(Beginning of Available records)

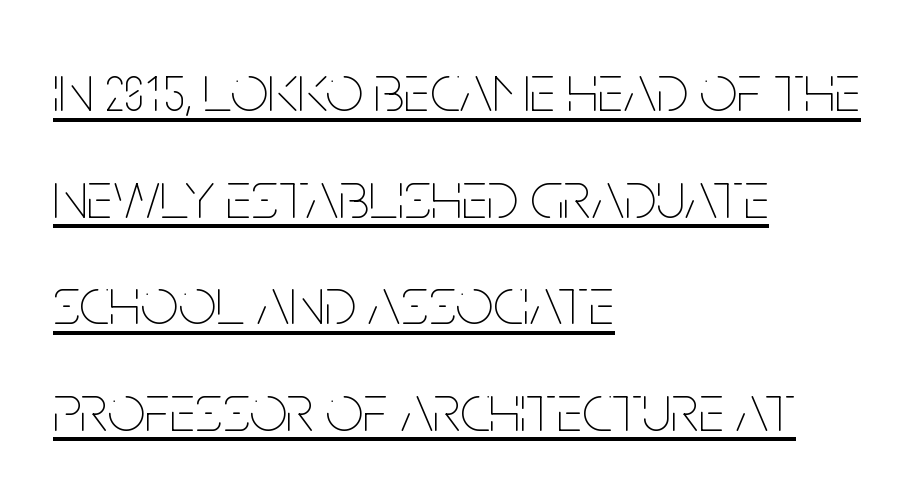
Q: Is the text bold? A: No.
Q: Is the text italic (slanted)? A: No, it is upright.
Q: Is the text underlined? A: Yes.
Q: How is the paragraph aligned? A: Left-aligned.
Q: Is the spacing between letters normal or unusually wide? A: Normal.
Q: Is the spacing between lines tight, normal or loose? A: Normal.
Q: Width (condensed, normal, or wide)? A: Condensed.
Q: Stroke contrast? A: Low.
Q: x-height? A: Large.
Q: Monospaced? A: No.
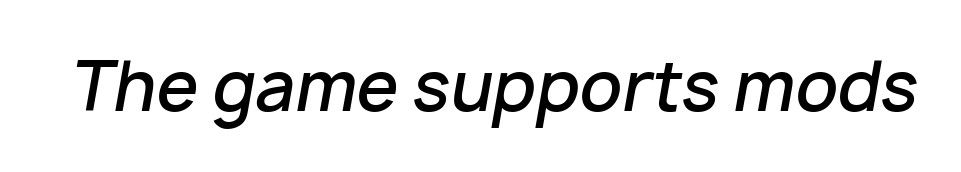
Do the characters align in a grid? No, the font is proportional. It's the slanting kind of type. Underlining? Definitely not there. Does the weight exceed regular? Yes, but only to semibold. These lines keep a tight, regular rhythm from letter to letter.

(End of Available records)

**Task requirements:** Could you retype exactly the lines running from the one with "Q: Stroke contrast? A: Low." to the end of the material above, pictures omitted?

**Answer to the exercise:**
Q: Stroke contrast? A: Low.
Q: x-height? A: Large.
Q: Monospaced? A: No.
Do the characters align in a grid? No, the font is proportional. It's the slanting kind of type. Underlining? Definitely not there. Does the weight exceed regular? Yes, but only to semibold. These lines keep a tight, regular rhythm from letter to letter.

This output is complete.